Yasinta Rahmawati, Rosiana Chozanah

Selasa, 17 Mei 2022 | 16:06 WIB
Peneliti Prediksi Pandemi akan Bertahan hingga 2027, Ada 3 Kemungkinan Skenario
Ilustrasi Pandemi Covid-19 (pexels)

Suara.com - Sebuah organisasi internasional yang bertujuan untuk menyatukan badan-badan ilmiah di seluruh dunia, International Science Council (ISC), telah menetapkan tia skenario yang dapat terjadi hingga tahun 2027 mendatang.

Laporan tersebut ditulis oleh panel yang terdiri dari 20 pakar kesehatan masyarakat, virologi, ekonomi, ilmu perilaku, hingga sosiologi.

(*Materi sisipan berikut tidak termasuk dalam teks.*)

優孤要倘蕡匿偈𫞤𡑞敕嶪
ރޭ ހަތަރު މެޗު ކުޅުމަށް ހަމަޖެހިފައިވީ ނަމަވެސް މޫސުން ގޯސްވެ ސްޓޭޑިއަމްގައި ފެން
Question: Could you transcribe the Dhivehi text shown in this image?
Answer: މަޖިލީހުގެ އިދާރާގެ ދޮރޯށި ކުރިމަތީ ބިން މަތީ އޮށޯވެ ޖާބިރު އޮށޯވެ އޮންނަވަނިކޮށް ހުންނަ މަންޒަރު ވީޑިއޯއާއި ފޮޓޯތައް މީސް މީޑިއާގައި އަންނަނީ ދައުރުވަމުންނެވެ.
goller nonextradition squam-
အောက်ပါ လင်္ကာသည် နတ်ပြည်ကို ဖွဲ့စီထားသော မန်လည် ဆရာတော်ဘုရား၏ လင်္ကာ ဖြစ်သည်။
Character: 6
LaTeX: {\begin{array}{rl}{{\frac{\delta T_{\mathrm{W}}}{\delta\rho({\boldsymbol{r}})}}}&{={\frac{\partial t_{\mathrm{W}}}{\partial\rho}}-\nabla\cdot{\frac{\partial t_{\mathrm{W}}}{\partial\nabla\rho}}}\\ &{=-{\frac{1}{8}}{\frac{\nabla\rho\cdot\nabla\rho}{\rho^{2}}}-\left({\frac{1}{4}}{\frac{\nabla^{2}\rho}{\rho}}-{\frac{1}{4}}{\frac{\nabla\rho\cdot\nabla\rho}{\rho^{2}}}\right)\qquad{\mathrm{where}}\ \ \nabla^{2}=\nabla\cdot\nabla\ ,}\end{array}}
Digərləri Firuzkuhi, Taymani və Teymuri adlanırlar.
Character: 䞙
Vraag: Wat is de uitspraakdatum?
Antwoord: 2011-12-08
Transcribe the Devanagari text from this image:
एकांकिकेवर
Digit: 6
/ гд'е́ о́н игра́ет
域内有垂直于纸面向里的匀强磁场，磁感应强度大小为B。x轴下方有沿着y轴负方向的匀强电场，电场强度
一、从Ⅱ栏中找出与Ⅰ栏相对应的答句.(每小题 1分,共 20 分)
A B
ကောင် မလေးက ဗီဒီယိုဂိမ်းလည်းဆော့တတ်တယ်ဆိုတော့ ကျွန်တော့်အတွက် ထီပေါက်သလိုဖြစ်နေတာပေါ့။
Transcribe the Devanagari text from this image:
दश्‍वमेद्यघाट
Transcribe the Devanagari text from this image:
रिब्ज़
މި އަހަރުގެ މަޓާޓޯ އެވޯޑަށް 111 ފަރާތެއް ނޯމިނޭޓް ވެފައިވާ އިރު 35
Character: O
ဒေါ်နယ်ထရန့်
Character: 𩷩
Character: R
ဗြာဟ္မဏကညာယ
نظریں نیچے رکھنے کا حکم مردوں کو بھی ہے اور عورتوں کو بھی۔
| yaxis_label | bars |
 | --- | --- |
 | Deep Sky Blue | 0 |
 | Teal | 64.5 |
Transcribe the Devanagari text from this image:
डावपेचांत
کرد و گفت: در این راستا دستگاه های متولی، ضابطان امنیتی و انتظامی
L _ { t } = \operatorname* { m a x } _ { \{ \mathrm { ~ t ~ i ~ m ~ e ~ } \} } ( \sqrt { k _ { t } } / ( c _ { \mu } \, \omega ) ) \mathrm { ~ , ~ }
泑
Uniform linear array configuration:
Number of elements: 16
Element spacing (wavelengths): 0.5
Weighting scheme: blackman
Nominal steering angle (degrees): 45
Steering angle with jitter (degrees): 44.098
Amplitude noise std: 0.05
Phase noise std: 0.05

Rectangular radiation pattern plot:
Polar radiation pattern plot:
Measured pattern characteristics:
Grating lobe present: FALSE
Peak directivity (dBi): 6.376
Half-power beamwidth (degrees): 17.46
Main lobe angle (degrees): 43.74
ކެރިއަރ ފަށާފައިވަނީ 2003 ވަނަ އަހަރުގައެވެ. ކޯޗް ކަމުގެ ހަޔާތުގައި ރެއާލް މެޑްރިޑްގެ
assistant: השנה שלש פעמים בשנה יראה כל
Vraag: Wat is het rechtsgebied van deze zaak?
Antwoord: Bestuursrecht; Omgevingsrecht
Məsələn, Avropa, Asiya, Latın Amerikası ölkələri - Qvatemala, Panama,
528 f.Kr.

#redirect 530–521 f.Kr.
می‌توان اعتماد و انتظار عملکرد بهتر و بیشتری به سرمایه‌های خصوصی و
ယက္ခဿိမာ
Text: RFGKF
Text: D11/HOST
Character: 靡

Menurut panel, pandemi Covid-19 akan berlangsung setidaknya hingga lima tahun lagi, dan laporan mereka membantu mempersempit serta menggambarkan beberapa kemungkinan tindakan yang dapat diambil.

Dilansir Science Alert, berikut skenario yang disusun oleh panel:

1. Skenario pertama

Jika persentase orang yang divaksinasi Covid-19 penuh meningkat dari sekitar 61 persen menjadi lebih dari 80 persen secara global, banyak nyawa yang dapat diselamatkan dan risiko munculnya varian baru dapat dikurangi.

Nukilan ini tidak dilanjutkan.